Other Purposes with Consent: If we intend to use your personal data for a purpose that is not described in this Privacy Policy, we will explain that purpose at the time of collection and, if required, will obtain your consent. We will not use your personal information in ways that are incompatible with the purposes for which it was collected without notifying you and obtaining your consent if required.
We will only process personal data in a manner that is reasonably necessary and proportionate to achieve the purposes described above, or other purposes that we explain to you and are compatible with the original purpose of collection.
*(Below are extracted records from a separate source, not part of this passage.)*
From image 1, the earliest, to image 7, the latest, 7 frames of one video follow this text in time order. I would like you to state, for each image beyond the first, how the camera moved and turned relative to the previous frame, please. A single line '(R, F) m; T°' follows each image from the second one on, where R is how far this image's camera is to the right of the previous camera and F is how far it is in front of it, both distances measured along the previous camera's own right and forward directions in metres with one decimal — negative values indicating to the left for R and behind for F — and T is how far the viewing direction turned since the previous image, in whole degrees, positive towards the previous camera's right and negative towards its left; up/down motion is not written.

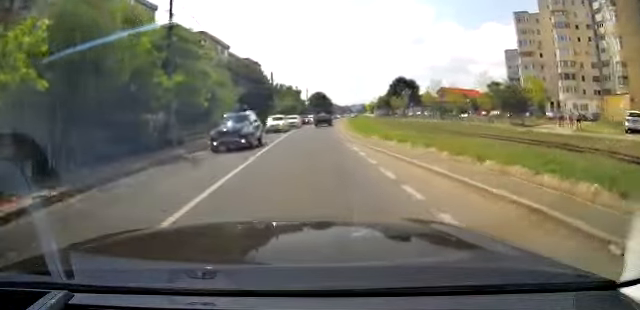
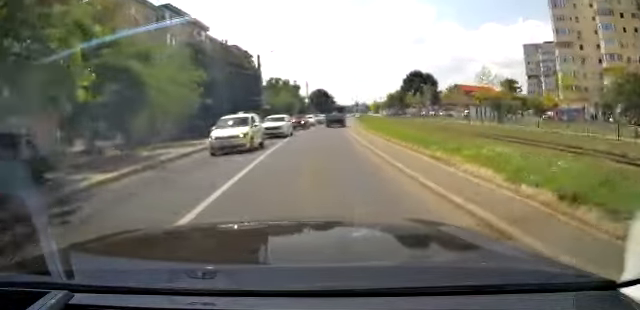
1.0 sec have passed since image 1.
(-1.5, +14.4) m; -6°
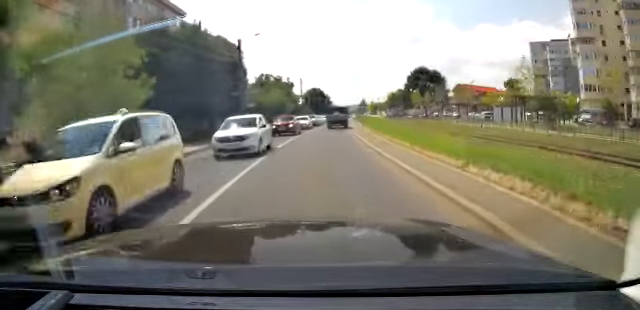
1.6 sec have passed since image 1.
(0.0, +8.4) m; 0°
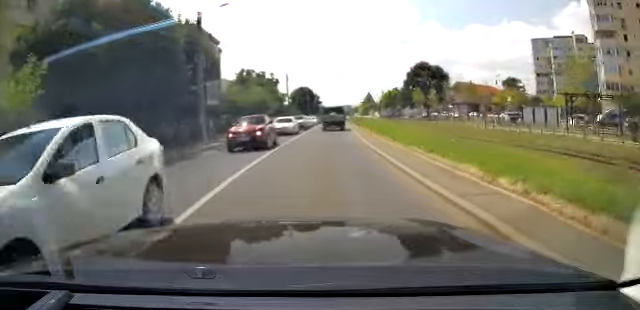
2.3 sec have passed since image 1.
(+0.1, +8.7) m; +2°
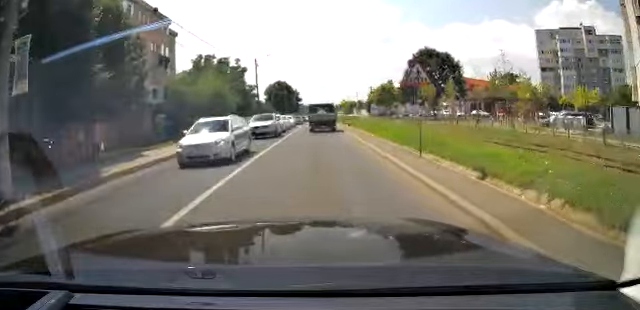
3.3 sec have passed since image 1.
(+0.5, +13.9) m; +4°
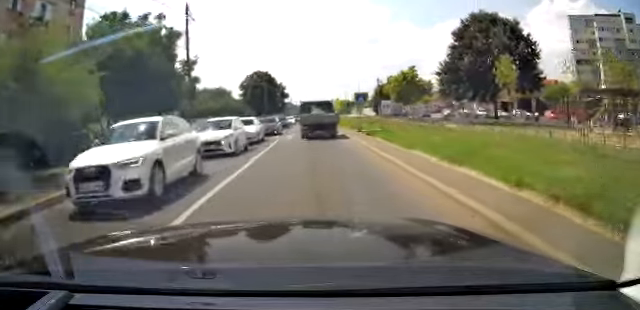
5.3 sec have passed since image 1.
(+0.9, +23.5) m; +2°
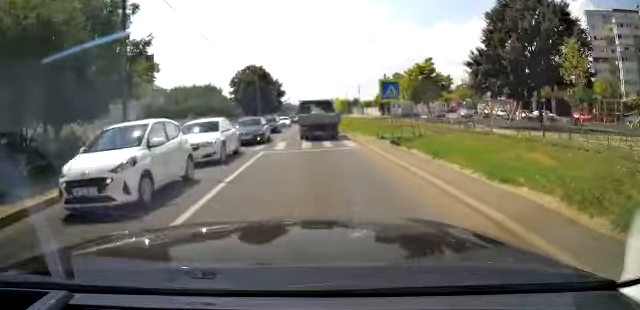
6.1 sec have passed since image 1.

We do not use your personal information for fully automated decisions that produce legal or similarly significant effects on you without human involvement; if we ever engage in such activity, we will comply with applicable law requirements (including providing notice and obtaining consent where required).
We may share your personal information with third parties, but only in the ways described below. We do not disclose your personal data to unrelated third parties for their own direct marketing purposes, and we do not sell your personal information for monetary or other valuable consideration. We also do not share your personal information for targeted advertising purposes unless you direct us to or as permitted by law (and you have the right to opt out of such sharing as described in Your Privacy Rights). The categories of third parties with whom we share data include:
Service Providers (Processors): We share personal data with third-party companies and individuals who perform services on our behalf. These service providers are contractually bound to process personal data only as needed to provide their services (for example, cloud hosting providers, IT support, email/SMS delivery services, payment processors, analytics companies, or marketing agencies). They are also required to keep your information confidential and secure. Sharing data with service providers for business purposes is not considered a “sale” of data under most privacy.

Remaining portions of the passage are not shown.